Differences between tragedy and epic poetry
• First, tragedy is told in a dramatic, rather than narrative, form, and employs several
different kinds of verse while epic poetry employs only one.
• Second, the action of a tragedy is usually confined to a single day, and so the tragedy itself
is usually much shorter than an epic poem.
• Third, while tragedy has all the elements that are characteristic of epic poetry, it also has
some additional elements that are unique to it alone.
• First, epic poetry must maintain the unity of plot. In this it is allied with tragedy against
history. History tells us all that happened during a certain time period or to certain
people, and as such it is often somewhat disconnected. Epic poetry should focus on one
particular story that remains an organic whole. Homer is an excellent example of such an
epic poet, as he tells a particular, connected story in the Iliad rather than trying to narrate
everything that happened during the Trojan War.
• Second, epic poetry must share many of the elements of tragedy.
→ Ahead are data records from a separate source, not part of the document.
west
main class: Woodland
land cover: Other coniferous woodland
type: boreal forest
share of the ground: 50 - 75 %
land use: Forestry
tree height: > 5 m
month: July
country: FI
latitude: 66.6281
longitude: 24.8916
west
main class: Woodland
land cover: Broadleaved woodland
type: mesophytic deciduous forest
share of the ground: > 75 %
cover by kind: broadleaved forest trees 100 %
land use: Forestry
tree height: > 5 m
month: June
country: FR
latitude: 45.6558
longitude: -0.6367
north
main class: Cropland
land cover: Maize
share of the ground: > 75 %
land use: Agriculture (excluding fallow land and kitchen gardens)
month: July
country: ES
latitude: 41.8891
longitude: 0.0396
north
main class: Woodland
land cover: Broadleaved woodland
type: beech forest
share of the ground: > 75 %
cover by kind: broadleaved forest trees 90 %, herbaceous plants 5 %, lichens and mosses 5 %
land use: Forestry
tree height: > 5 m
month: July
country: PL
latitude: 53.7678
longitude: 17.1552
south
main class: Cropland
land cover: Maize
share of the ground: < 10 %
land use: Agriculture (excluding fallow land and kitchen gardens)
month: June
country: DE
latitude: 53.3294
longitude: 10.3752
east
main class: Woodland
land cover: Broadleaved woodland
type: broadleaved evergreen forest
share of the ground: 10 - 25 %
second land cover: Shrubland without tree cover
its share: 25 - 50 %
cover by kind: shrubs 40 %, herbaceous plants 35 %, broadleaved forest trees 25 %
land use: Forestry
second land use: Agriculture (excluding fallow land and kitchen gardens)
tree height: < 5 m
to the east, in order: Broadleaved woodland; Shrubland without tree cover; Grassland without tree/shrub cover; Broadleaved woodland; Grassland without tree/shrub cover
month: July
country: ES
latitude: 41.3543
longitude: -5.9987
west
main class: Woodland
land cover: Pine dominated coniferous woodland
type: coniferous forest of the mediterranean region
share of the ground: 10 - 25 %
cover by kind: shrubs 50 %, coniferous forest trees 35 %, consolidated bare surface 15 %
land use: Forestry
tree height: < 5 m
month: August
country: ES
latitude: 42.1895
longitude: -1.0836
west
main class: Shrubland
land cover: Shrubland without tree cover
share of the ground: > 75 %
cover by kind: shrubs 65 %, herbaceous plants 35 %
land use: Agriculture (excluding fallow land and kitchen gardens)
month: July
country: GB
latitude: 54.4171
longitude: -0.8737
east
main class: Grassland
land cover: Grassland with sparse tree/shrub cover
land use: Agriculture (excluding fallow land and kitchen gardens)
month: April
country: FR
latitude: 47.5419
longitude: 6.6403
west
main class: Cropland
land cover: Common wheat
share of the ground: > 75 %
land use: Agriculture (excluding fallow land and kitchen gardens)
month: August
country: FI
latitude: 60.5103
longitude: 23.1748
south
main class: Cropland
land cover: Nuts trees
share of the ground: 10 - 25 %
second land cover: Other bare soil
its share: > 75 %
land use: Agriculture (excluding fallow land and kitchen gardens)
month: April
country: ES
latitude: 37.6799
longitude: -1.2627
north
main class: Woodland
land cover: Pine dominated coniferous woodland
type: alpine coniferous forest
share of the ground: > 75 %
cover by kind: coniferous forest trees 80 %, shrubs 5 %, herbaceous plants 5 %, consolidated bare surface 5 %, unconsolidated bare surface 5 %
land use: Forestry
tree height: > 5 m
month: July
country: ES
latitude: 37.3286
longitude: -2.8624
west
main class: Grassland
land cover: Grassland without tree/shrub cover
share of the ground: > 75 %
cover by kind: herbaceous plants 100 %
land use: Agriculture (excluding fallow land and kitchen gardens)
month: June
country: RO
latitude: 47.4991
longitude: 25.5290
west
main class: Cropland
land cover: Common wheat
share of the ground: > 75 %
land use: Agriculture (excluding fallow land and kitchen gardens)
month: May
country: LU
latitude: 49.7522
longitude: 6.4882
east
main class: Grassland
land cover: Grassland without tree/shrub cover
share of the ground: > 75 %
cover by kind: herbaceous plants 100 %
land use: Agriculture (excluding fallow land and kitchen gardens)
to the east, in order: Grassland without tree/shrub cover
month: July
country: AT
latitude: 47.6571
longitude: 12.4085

Like tragedy, it should
be either simple or complex, and it should deal primarily either with a character or with
suffering. Aside from spectacle and melody, the six parts of tragedy are all present in epic
poetry, and epic poetry can also feature peripeteia and anagnorisis.
• There are also two notable dissimilarities between epic poetry and tragedy. The first is
the length: an epic poem can reasonably last as long as a whole series of tragedies,
provided it can be presented in one hearing. The plot of an epic poem can be far more
expansive because it is not limited by the stage. Epic poetry can jump back and forth
between events happening at the same time in different places in a way that would be
impossible on stage. Second, epic poetry should be narrated in heroic meter, while
tragedy is normally spoken in iambic meter.
• Aristotle is clearly an admirer of Homer's, as almost all his examples of good epic poetry
are drawn from Homer. He praises Homer for reducing his own voice in the narrative and
letting the actions and the characters tell the story themselves. He uses Homer to show
how epic poetry can recount exaggerated events in a believable manner. A tragedy could
never get away with such marvels, since they are less credible when we see them
performed. Having said this, he remarks that no plot should ever hinge on improbable
events but praises Homer for managing through his art to make this flaw in
the Odyssey seem insignificant. He also praises Homer as a master of using paralogisms
(conclusions resulting from faulty or illogical arguments) to make lies seem believable.
• Aristotle cautions against an overenthusiastic use of elaborate diction. While it is pleasing
when there is no action to recount, and no character or thought to reveal, ornate diction
can often obscure these more important elements when they are found together.